TASK TO COMPLETE:
Everything from the line containing "From earliest to" through the line containing "1.2 sec measured since image 1." should be repeated exactly, and nothing else from the data.

TASK INPUTS:
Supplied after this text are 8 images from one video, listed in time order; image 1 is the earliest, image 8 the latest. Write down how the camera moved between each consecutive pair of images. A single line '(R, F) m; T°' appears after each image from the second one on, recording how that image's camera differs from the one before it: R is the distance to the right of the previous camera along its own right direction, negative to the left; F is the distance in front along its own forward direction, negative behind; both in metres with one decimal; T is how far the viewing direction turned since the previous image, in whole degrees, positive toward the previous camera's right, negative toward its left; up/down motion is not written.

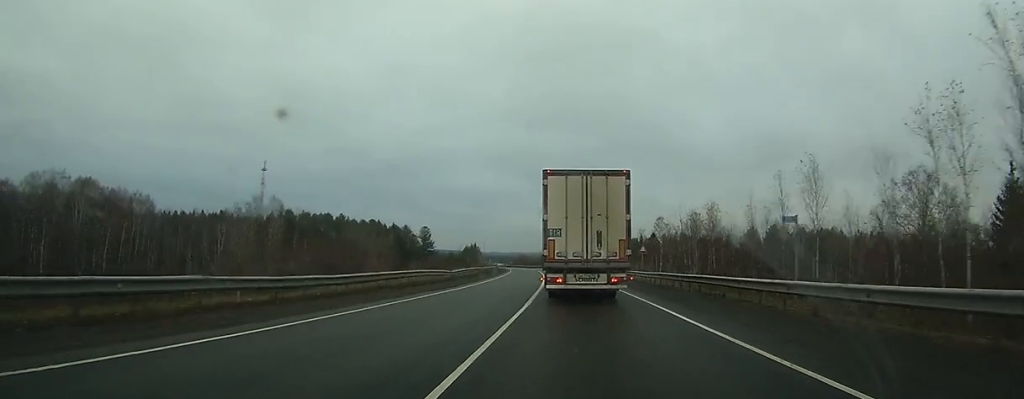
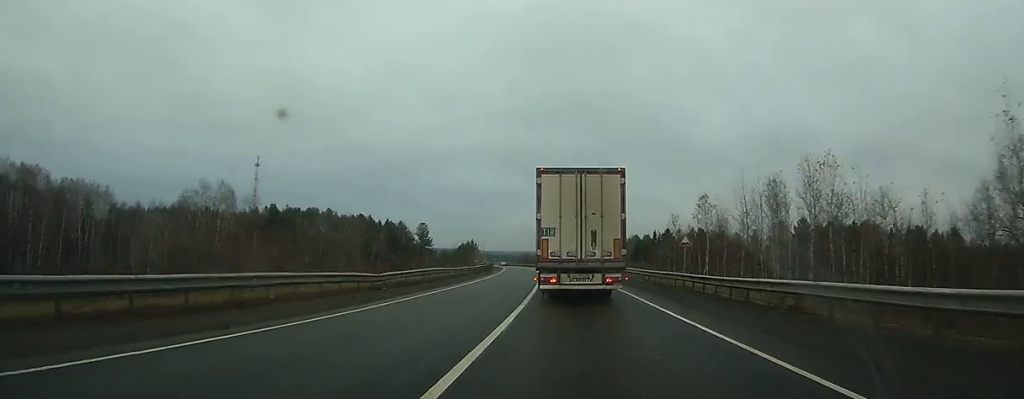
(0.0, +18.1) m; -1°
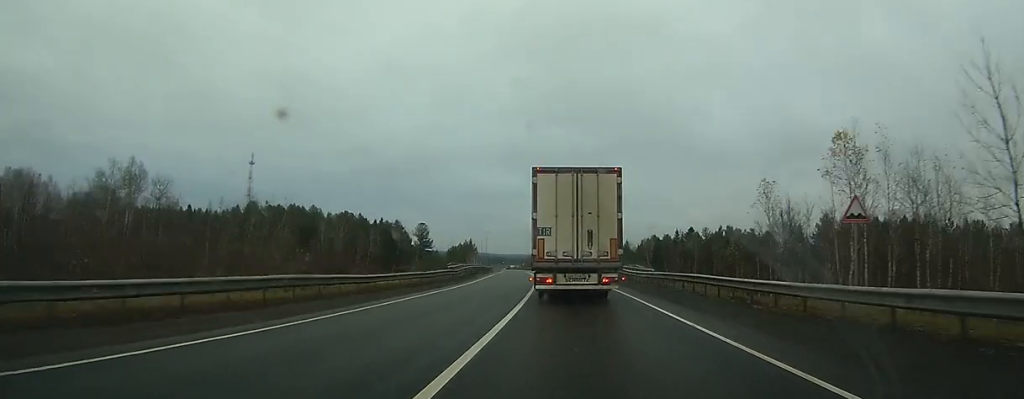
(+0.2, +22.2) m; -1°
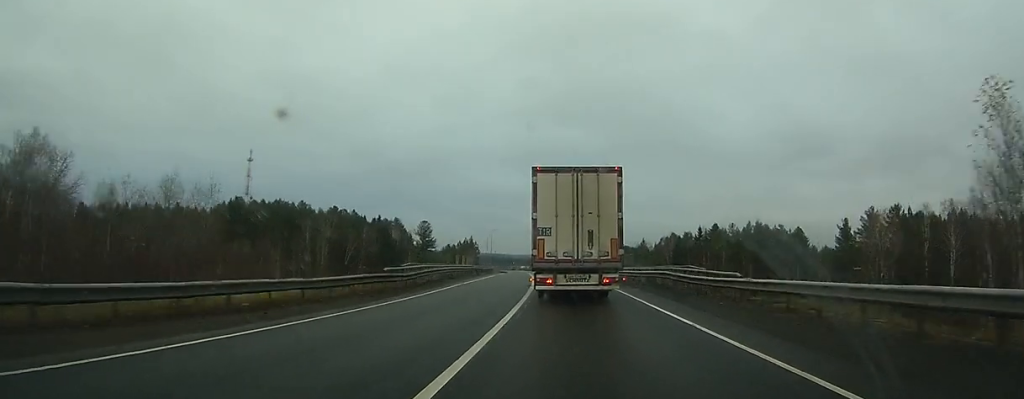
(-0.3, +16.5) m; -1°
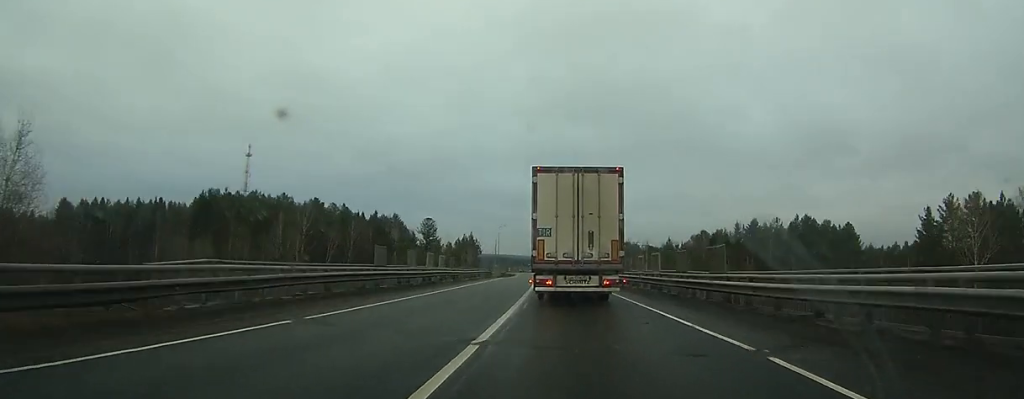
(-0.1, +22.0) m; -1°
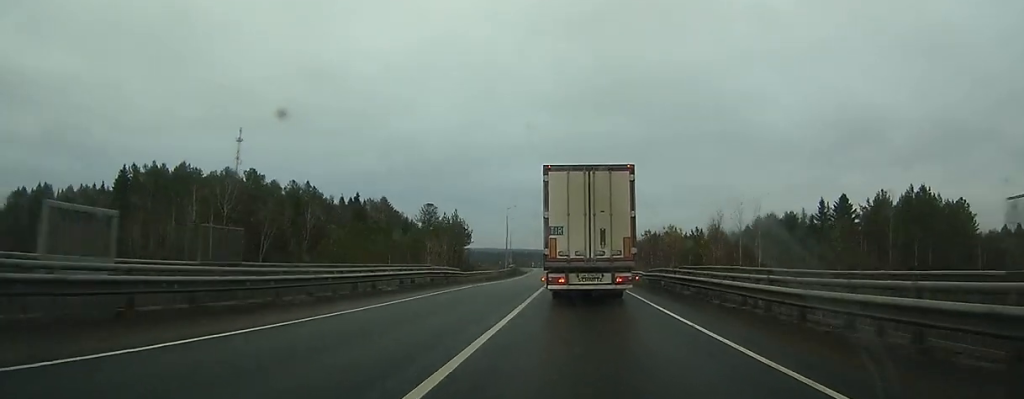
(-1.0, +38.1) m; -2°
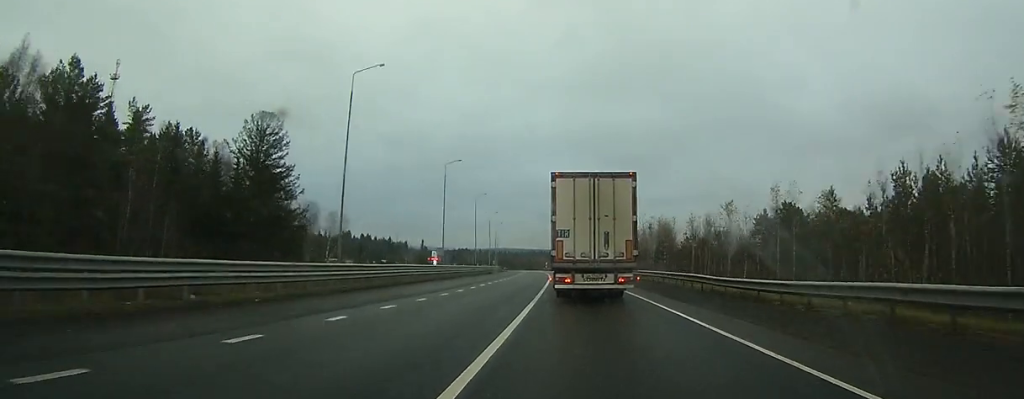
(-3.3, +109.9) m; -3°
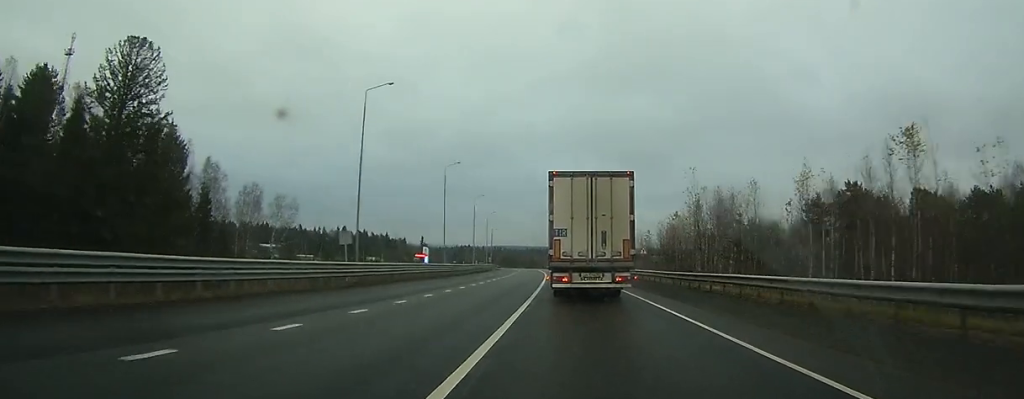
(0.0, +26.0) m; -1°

...

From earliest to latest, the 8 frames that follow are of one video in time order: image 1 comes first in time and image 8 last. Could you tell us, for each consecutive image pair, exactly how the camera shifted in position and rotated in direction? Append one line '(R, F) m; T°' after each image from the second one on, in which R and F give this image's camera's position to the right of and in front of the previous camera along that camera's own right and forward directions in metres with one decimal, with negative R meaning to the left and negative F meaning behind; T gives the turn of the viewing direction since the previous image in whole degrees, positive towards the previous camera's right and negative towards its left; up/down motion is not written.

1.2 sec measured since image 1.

ANSWER FOR THE TASK:
From earliest to latest, the 8 frames that follow are of one video in time order: image 1 comes first in time and image 8 last. Could you tell us, for each consecutive image pair, exactly how the camera shifted in position and rotated in direction? Append one line '(R, F) m; T°' after each image from the second one on, in which R and F give this image's camera's position to the right of and in front of the previous camera along that camera's own right and forward directions in metres with one decimal, with negative R meaning to the left and negative F meaning behind; T gives the turn of the viewing direction since the previous image in whole degrees, positive towards the previous camera's right and negative towards its left; up/down motion is not written.

1.2 sec measured since image 1.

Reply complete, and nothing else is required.